Work instructions: Lines below that include the word "mask" should each be copied.

Provided data:

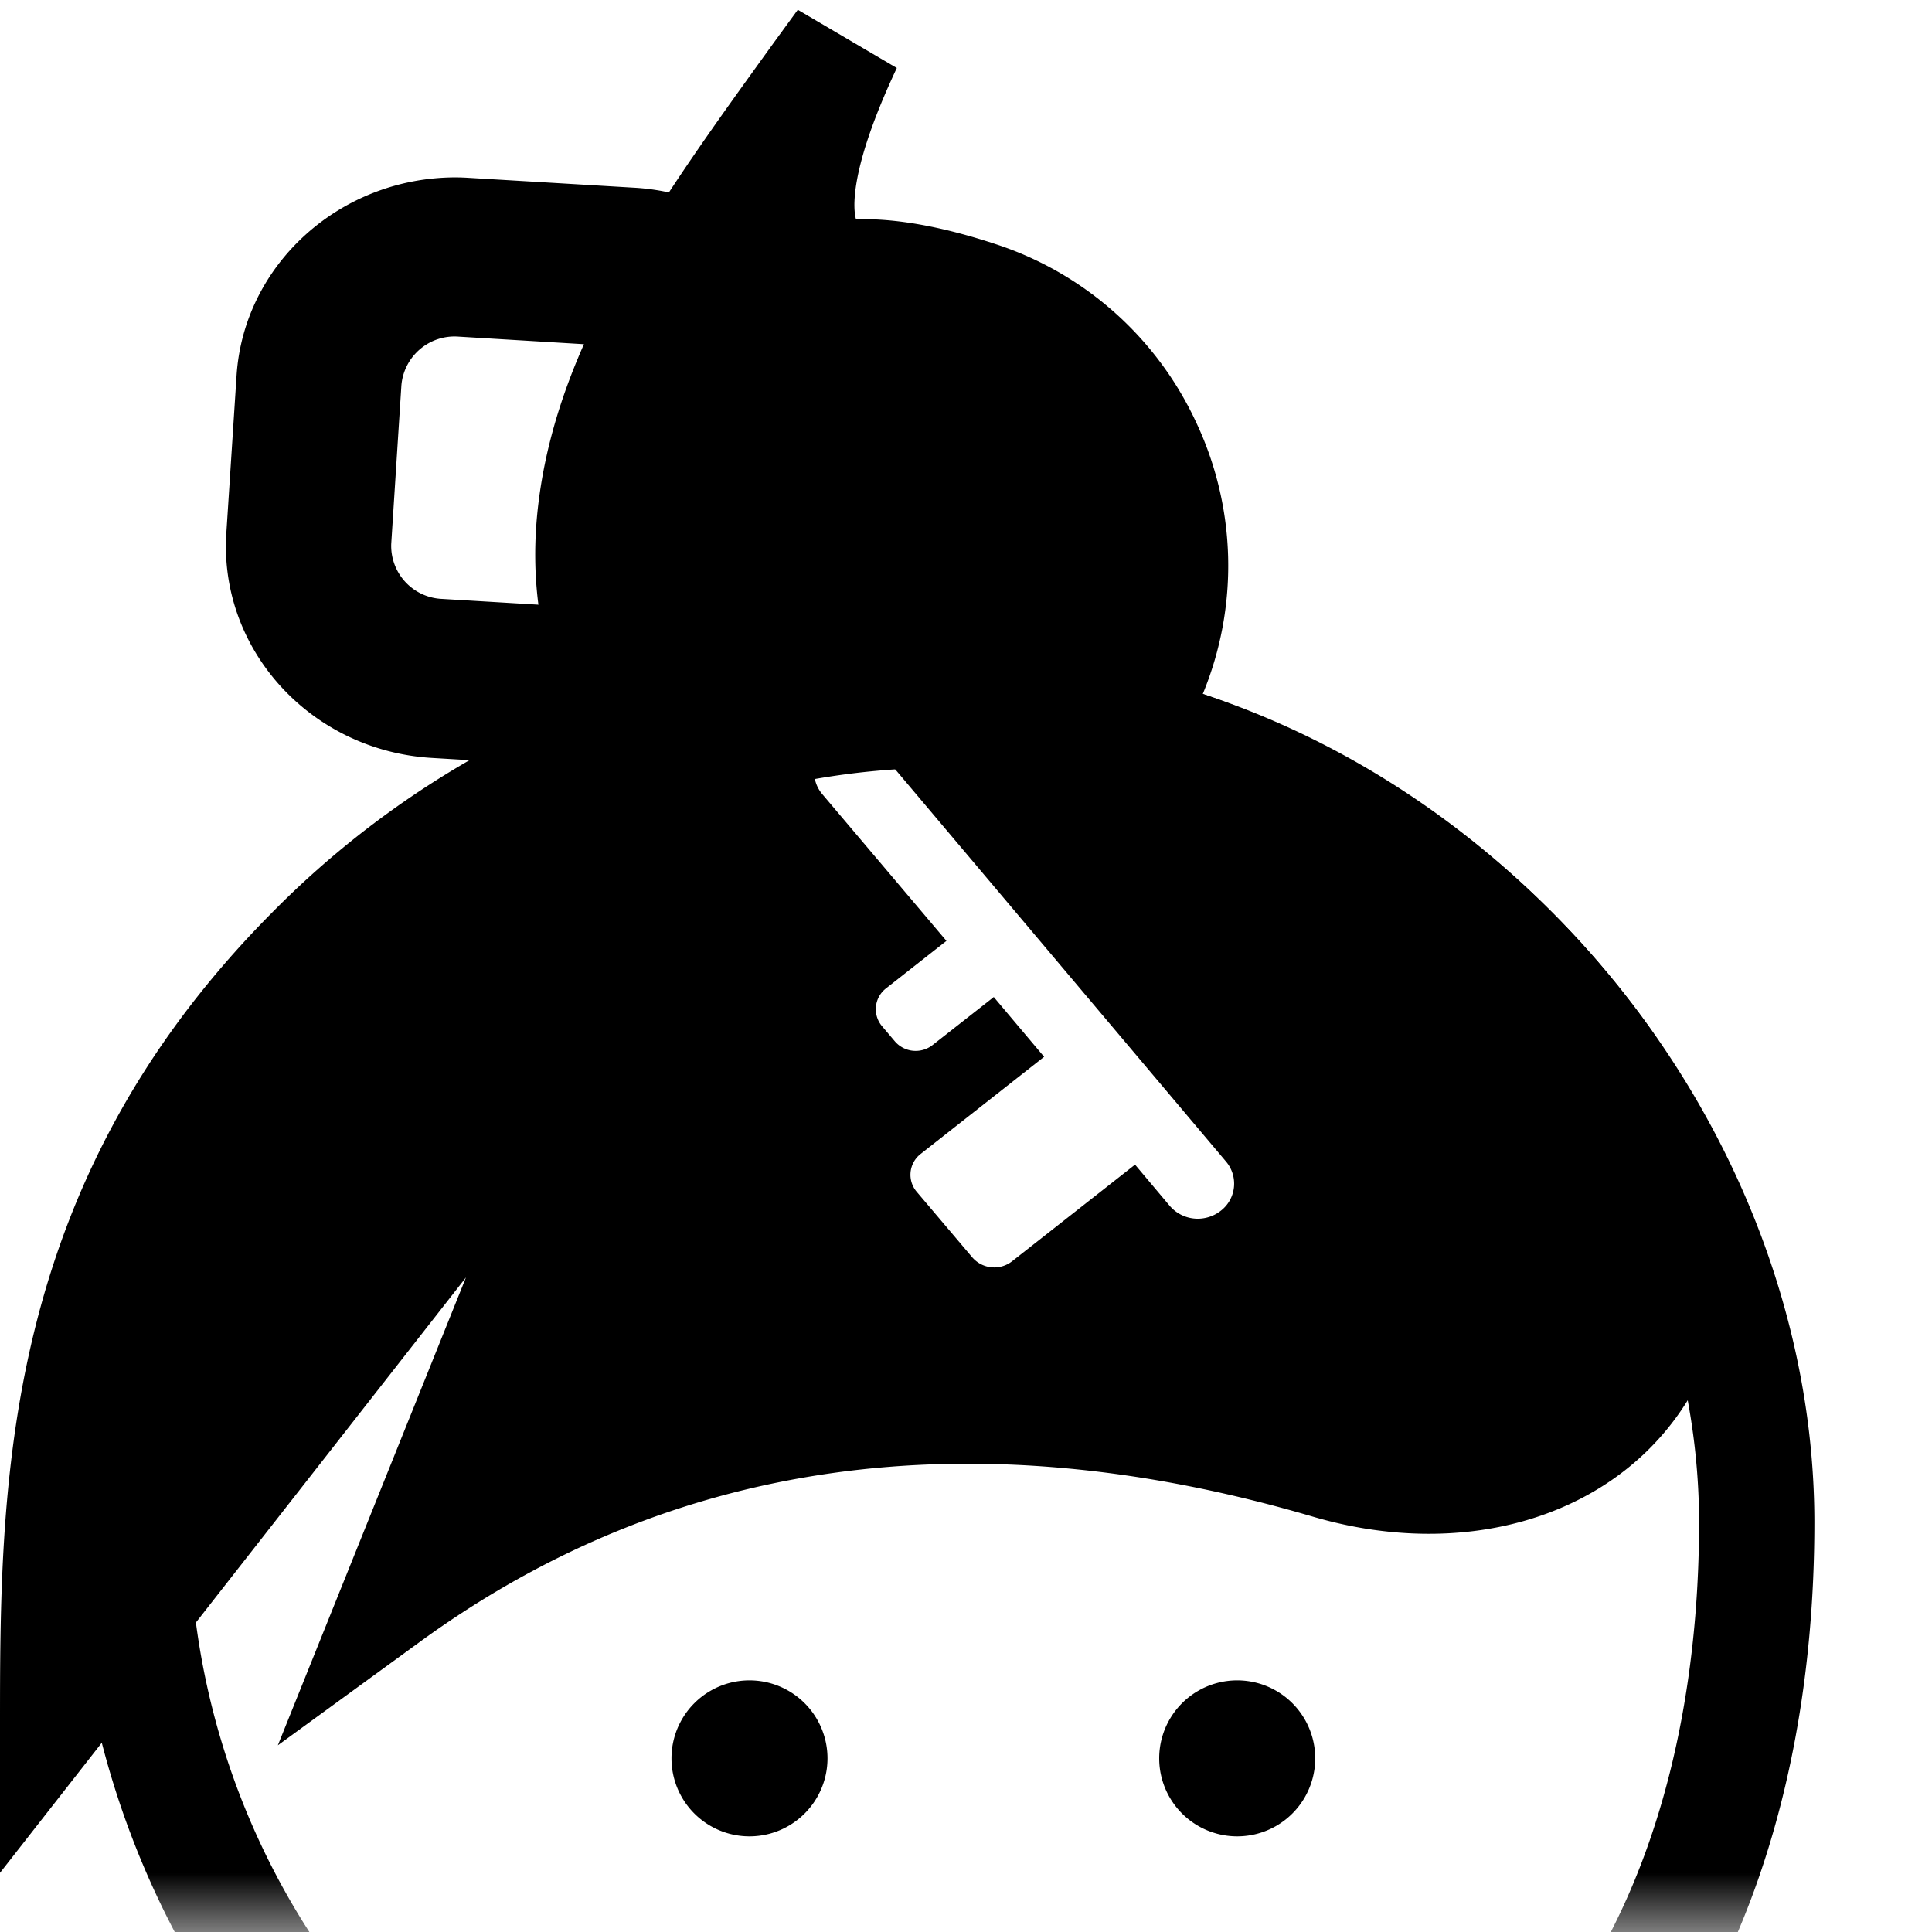 <svg xmlns="http://www.w3.org/2000/svg" xmlns:xlink="http://www.w3.org/1999/xlink" width="16" height="16" viewBox="0 0 16 16">
    <defs>
        <path id="a" d="M0 0h16v16H0z"/>
    </defs>
    <g fill="none" fill-rule="evenodd">
        <g>
            <mask id="b" fill="#fff">
                <use xlink:href="#a"/>
            </mask>
            <path fill="#000" d="M1.568 12.61c0 1.243.365 2.415.994 3.39H13.34c.589-1.148.731-2.434.731-3.39 0-1.547-.669-3.122-1.836-4.322-1.21-1.245-2.778-1.93-4.415-1.93a6.259 6.259 0 0 0-6.252 6.251zM1.447 16a7.275 7.275 0 0 1-.834-3.39c0-3.975 3.233-7.208 7.207-7.208 1.897 0 3.709.789 5.1 2.22 1.339 1.376 2.106 3.194 2.106 4.987 0 1.253-.216 2.41-.634 3.391" mask="url(#b)"/>
        </g>
        <path fill="#000" d="M4.717 5.882c-.246-.507-.335-1.096-.257-1.723.167-1.341.994-2.484 1.95-3.808l.197-.27.82.482c-.405.861-.359 1.18-.338 1.253.326-.01.716.06 1.16.207A2.781 2.781 0 0 1 9.9 3.485a2.784 2.784 0 0 1 .061 2.262c.22.076.44.162.658.259a7.602 7.602 0 0 1 3.003 2.45c.806 1.108.914 2.354.282 3.251-.618.878-1.808 1.212-3.032.853-2.822-.829-5.309-.48-7.392 1.035l-1.179.859 1.558-3.875L0 15.51v-1.203c0-1.993 0-4.474 2.242-6.738a7.671 7.671 0 0 1 2.475-1.686zm2.136 8.68a.646.646 0 1 1-1.292 0 .646.646 0 0 1 1.292 0zm4.039 0a.646.646 0 1 1-1.292 0 .646.646 0 0 1 1.292 0zM7.277 6.21a.308.308 0 0 0-.424-.041.283.283 0 0 0-.043.408l1.028 1.215-.5.393a.218.218 0 0 0-.032.315l.105.124a.227.227 0 0 0 .313.03l.506-.397.417.495-1.022.804a.218.218 0 0 0-.033.314l.46.543a.24.24 0 0 0 .33.032l1.018-.8.286.34a.306.306 0 0 0 .302.1.305.305 0 0 0 .122-.058.283.283 0 0 0 .043-.408L7.277 6.209z"/>
        <path fill="#000" d="M1.959 3.112l-.085 1.31c-.058.966.706 1.796 1.704 1.855l.738.044s-.115-.202.424.434c.724.854 3.19-1.325 2.404-2.251-.481-.569-.252-.233-.252-.233l.055-.86c.03-.468-.13-.919-.453-1.27a1.83 1.83 0 0 0-1.25-.587l-1.359-.081a1.93 1.93 0 0 0-.111-.004c-.959 0-1.756.722-1.815 1.643zM3.8 2.788l1.36.082c.119.007.229.058.308.145.08.086.12.197.112.313l-.084 1.309c-.001.02-.01.038-.014.057 0 0-.47-.62.228.204.315.371-.165.723-.49.34-.7-.826-.223-.198-.223-.198l-1.336-.08a.44.44 0 0 1-.421-.456l.084-1.31a.442.442 0 0 1 .476-.406z"/>
    </g>
</svg>

Response below:
            <mask id="b" fill="#fff">
            </mask>
            <path fill="#000" d="M1.568 12.61c0 1.243.365 2.415.994 3.39H13.34c.589-1.148.731-2.434.731-3.39 0-1.547-.669-3.122-1.836-4.322-1.21-1.245-2.778-1.93-4.415-1.93a6.259 6.259 0 0 0-6.252 6.251zM1.447 16a7.275 7.275 0 0 1-.834-3.39c0-3.975 3.233-7.208 7.207-7.208 1.897 0 3.709.789 5.1 2.22 1.339 1.376 2.106 3.194 2.106 4.987 0 1.253-.216 2.41-.634 3.391" mask="url(#b)"/>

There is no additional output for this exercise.